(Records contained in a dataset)
Content starts

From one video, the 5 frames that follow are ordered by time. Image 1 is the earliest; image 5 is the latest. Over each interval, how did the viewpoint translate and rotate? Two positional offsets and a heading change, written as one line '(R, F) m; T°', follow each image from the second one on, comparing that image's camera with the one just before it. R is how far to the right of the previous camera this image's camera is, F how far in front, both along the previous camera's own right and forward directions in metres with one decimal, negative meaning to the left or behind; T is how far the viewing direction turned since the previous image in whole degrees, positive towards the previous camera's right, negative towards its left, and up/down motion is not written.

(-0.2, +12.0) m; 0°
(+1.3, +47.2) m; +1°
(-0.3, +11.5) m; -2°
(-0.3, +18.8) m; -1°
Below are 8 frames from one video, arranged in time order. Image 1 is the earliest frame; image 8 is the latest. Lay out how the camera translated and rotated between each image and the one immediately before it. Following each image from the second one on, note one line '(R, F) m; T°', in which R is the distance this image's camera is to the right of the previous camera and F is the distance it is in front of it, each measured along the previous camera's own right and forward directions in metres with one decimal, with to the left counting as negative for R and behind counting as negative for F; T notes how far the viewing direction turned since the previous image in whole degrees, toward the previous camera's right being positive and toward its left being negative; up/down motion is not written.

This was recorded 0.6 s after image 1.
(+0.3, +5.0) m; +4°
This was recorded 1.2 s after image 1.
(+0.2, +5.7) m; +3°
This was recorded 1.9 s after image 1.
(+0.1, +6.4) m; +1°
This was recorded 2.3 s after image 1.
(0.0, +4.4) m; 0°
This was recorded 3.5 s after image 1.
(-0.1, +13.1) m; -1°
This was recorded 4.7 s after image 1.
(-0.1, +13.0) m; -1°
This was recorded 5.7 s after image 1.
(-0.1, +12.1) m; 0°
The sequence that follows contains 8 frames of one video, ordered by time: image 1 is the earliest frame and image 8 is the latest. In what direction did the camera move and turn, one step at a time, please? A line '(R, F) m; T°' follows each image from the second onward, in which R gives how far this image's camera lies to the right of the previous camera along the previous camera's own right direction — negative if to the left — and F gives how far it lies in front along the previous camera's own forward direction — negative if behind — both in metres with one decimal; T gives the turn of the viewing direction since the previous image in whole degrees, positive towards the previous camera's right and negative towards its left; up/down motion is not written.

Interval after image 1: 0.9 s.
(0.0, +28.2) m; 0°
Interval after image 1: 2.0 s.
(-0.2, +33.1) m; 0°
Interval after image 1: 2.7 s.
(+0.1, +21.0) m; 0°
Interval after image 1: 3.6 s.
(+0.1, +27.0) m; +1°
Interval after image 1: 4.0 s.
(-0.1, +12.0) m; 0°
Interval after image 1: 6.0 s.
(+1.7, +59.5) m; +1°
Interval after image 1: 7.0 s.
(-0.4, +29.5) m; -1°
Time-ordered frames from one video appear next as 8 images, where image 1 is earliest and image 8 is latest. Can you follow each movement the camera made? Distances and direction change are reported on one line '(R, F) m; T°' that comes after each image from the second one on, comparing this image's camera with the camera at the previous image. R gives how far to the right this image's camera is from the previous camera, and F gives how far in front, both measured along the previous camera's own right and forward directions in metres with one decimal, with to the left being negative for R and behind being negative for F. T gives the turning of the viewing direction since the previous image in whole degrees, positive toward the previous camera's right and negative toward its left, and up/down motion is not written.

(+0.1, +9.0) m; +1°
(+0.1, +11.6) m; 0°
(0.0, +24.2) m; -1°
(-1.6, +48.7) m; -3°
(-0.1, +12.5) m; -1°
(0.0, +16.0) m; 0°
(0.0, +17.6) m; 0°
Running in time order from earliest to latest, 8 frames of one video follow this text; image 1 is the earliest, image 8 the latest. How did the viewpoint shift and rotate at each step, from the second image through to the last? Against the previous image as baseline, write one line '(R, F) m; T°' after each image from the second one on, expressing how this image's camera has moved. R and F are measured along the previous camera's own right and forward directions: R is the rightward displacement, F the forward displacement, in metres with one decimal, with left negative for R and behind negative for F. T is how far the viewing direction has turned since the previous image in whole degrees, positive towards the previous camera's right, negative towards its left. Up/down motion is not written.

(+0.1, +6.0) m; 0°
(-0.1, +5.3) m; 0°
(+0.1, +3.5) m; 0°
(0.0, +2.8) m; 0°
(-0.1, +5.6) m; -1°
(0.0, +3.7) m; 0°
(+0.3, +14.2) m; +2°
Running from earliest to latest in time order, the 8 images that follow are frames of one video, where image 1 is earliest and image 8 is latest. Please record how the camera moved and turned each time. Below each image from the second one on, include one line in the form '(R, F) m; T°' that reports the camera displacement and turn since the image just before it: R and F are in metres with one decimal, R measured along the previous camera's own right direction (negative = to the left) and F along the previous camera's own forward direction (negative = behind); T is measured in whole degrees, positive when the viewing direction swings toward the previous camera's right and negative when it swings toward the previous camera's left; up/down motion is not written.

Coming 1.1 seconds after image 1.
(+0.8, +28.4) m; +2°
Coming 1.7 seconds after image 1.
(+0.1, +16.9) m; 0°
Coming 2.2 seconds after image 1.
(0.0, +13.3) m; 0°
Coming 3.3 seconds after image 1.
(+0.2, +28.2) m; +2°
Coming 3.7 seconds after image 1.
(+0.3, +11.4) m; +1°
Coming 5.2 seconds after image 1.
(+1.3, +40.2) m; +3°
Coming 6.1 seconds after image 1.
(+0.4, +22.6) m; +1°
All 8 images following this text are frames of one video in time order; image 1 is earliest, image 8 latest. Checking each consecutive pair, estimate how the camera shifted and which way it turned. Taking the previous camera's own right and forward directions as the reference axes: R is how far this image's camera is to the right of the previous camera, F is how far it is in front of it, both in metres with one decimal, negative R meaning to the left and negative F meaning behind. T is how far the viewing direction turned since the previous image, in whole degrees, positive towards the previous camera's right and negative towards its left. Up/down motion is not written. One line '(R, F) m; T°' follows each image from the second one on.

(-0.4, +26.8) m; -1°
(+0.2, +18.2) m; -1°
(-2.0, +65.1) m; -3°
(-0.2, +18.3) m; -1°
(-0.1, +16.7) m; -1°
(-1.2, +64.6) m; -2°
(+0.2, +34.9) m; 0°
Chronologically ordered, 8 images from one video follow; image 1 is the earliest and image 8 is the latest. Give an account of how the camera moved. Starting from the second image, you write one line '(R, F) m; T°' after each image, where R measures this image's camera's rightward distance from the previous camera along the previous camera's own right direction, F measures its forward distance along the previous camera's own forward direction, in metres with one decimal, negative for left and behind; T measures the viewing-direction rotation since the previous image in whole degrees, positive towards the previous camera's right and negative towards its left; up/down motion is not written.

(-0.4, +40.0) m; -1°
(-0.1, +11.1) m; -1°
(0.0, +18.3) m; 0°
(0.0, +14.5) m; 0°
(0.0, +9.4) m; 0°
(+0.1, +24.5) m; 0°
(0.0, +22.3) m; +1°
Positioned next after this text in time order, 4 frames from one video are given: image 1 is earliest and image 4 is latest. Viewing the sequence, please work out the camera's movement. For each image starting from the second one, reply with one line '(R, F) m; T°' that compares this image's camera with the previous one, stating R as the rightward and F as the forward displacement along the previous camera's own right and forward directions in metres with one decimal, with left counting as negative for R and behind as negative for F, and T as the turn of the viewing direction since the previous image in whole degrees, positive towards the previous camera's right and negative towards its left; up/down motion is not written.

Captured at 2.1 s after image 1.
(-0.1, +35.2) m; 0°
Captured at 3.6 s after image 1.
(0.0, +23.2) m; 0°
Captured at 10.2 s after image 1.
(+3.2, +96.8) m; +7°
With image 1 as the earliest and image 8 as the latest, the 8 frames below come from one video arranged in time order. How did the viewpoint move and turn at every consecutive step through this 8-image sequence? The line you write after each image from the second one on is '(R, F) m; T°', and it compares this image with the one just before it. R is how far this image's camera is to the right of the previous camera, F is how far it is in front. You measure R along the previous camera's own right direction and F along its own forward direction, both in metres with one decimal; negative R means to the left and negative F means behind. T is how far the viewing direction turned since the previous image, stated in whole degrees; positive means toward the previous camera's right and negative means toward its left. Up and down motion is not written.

Content ends

### WORK REQUEST
Your answer should be the lines above, from the line containing "This was recorded 1.9 s after image 1." up to and including the line containing "The sequence that", reproduced exactly and with nothing else.

### RESULT OF THE TASK
This was recorded 1.9 s after image 1.
(+0.1, +6.4) m; +1°
This was recorded 2.3 s after image 1.
(0.0, +4.4) m; 0°
This was recorded 3.5 s after image 1.
(-0.1, +13.1) m; -1°
This was recorded 4.7 s after image 1.
(-0.1, +13.0) m; -1°
This was recorded 5.7 s after image 1.
(-0.1, +12.1) m; 0°
The sequence that follows contains 8 frames of one video, ordered by time: image 1 is the earliest frame and image 8 is the latest. In what direction did the camera move and turn, one step at a time, please? A line '(R, F) m; T°' follows each image from the second onward, in which R gives how far this image's camera lies to the right of the previous camera along the previous camera's own right direction — negative if to the left — and F gives how far it lies in front along the previous camera's own forward direction — negative if behind — both in metres with one decimal; T gives the turn of the viewing direction since the previous image in whole degrees, positive towards the previous camera's right and negative towards its left; up/down motion is not written.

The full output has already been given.